As face is the index of the mind, so is nail the index to health. Nail is one of the epidermal derivatives that produce the hardest epithelial structure known in mammalian biology. Nails not only provide aesthetic beauty to hand and feet but also aid in providing protection, tactile sensation and social communication. During the 5th century, Hippocrates described clubbing as a significant sign to the myriad of systemic manifestations [1]. Since then many nail findings have been identified in association with various diseases. Henceforth, nail examination should be an essential component of a complete dermatological examination. Furthermore at times, various nail abnormalities can be a presenting feature before other signs of the disease become apparent.
The increasing aesthetic concern among general public has made even the mildest nail alteration as an important issue for the patient. Abnormal nails are of paramount clinical importance, particularly when they are an exclusive feature devoid of other obvious symptom of a disease.

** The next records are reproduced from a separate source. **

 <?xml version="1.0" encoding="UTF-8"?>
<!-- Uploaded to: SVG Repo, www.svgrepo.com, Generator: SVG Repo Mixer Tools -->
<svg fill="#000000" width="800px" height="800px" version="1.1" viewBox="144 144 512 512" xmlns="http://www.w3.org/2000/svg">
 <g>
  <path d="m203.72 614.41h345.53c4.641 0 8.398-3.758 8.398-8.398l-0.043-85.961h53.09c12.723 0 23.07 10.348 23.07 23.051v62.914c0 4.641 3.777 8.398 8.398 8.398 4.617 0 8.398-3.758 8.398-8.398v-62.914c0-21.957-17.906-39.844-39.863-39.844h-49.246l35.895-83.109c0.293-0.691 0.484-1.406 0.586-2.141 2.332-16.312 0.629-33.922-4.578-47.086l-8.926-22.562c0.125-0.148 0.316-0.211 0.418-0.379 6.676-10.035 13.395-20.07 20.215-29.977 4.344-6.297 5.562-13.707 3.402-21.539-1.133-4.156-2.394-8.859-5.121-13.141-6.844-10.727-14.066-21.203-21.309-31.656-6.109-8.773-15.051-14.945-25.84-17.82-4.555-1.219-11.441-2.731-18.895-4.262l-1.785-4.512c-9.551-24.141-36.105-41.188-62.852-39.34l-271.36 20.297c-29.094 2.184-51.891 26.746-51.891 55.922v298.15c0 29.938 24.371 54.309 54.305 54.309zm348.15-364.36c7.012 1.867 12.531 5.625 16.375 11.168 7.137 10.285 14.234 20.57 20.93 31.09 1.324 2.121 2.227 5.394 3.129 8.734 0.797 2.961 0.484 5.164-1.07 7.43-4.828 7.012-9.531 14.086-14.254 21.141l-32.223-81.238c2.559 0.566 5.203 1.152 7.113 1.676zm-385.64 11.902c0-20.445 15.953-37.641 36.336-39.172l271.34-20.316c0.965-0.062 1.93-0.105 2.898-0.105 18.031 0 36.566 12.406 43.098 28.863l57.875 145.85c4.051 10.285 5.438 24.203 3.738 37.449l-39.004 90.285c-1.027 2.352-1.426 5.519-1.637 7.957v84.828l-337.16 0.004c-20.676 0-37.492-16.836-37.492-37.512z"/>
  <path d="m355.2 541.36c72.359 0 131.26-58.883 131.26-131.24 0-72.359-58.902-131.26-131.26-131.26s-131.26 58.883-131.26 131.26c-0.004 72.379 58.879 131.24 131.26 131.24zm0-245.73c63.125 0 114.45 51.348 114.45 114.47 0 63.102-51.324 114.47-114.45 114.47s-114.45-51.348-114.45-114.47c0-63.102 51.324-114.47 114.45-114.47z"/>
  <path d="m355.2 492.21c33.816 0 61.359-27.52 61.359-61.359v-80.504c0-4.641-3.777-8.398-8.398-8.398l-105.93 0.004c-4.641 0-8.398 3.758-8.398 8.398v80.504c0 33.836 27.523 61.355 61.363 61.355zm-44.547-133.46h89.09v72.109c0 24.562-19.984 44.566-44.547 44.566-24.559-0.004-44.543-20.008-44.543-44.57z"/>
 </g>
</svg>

Nail disorders comprise of 10% of all dermatological disorders, the main contributor being papulosquamous disorder [2]. Many studies have been done regarding nail changes in specific papulosquamous disorders especially psoriasis [3-6]. Nail disease was found to be frequent in psoriasis [4] and associated with greater severity of psoriasis and larger number of co-morbidities [3,5].
Nail psoriasis causing considerable cosmetic handicap, provokes both physical and psychological handicap in 93% of patients, restrain daily activities in 60% patients and 52% patients experience pain [5]. Pitting was found to be the most common manifestation [5] especially in finger nails [6]. A strong association was seen between nail changes and joint pain in psoriasis [6]. Only few studies have been done on nail changes in overall papulosquamous disorders. In one such study, it was noted that psoriasis and lichen planus had more nail involvement [7]. Nail Pitting, onycholysis and subungual hyperkeratosis were the most frequent nail changes found in papulosquamous disorders [8].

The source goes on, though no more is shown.